### [PROBLEM]
Make an exact copy of the records, with the pictures left out.
Start of INPUT FOR THIS TASK
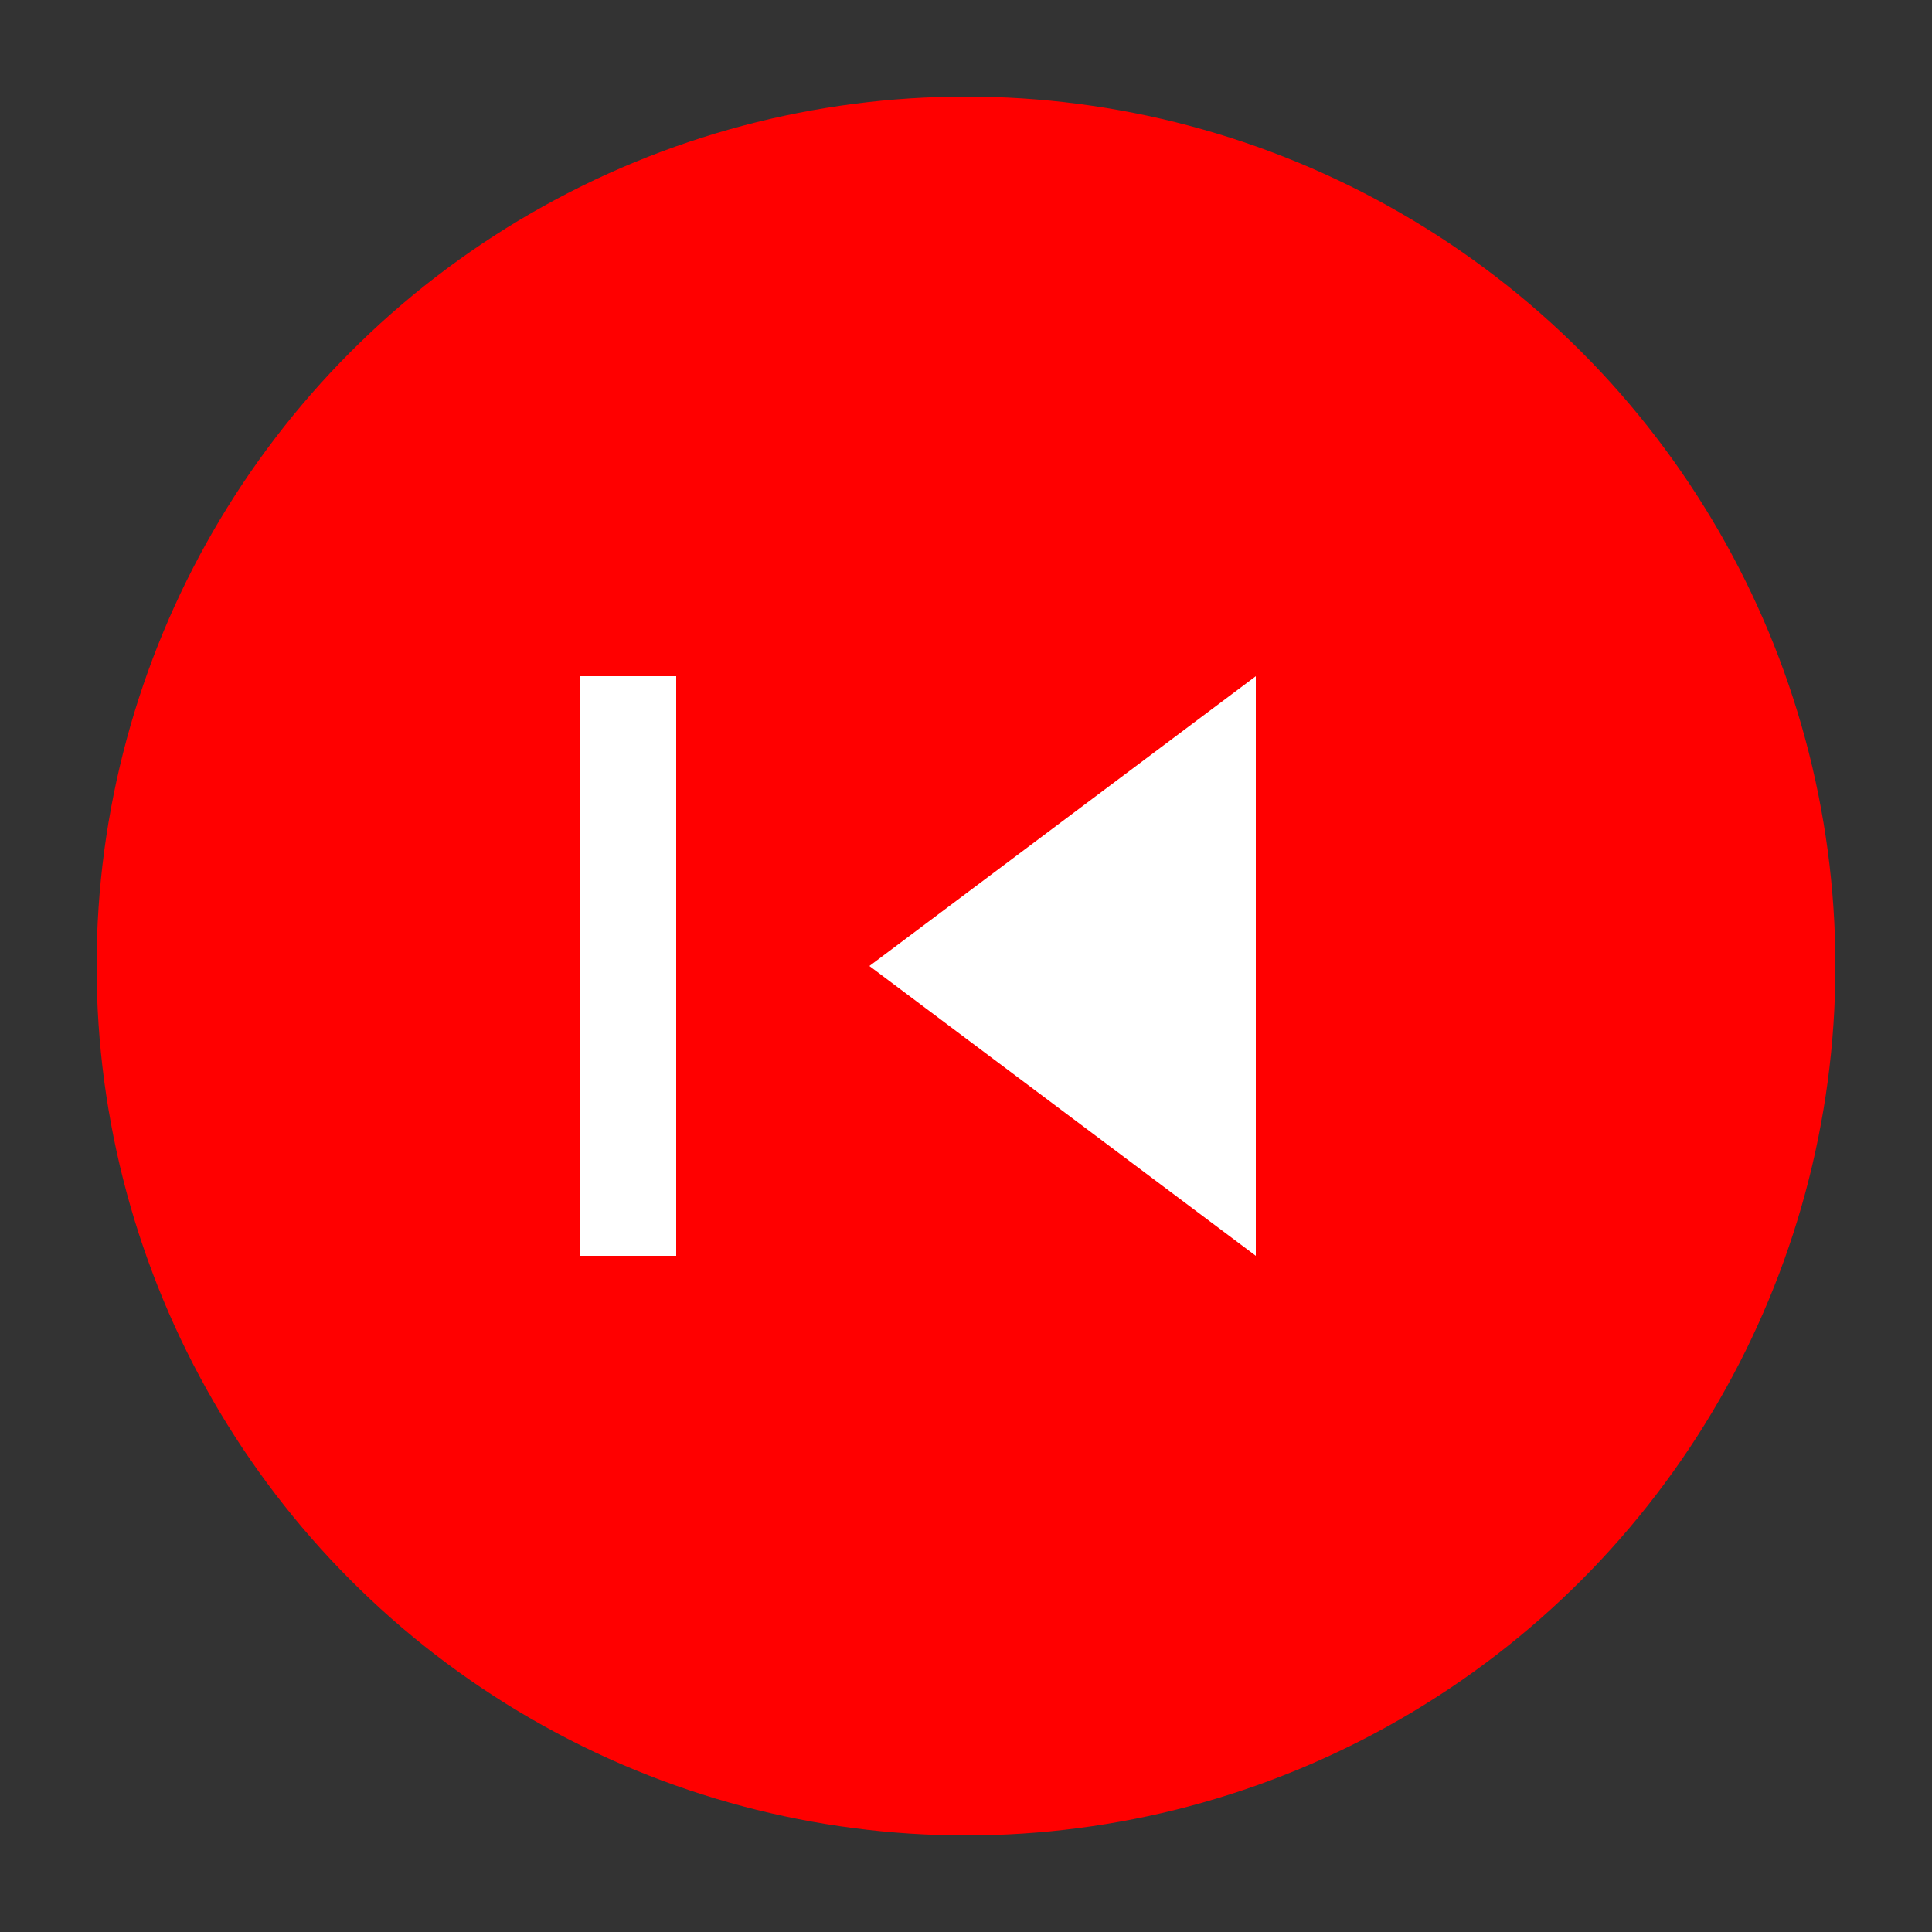 
<svg xmlns="http://www.w3.org/2000/svg" viewBox="0 0 100 100" width="100" height="100">
  <rect x="0" y="0" width="100" height="100" fill="#333333" stroke="none"/>
  <circle cx="50" cy="50" r="45" fill="#ff0000" />
  <path d="M65,35 L45,50 L65,65 Z" fill="white" />
  <path d="M35,35 L35,65 L30,65 L30,35 Z" fill="white" />
</svg>
End of INPUT FOR THIS TASK
### [RESULT OF THIS TASK]
<svg xmlns="http://www.w3.org/2000/svg" viewBox="0 0 100 100" width="100" height="100">
  <rect x="0" y="0" width="100" height="100" fill="#333333" stroke="none"/>
  <circle cx="50" cy="50" r="45" fill="#ff0000" />
  <path d="M65,35 L45,50 L65,65 Z" fill="white" />
  <path d="M35,35 L35,65 L30,65 L30,35 Z" fill="white" />
</svg>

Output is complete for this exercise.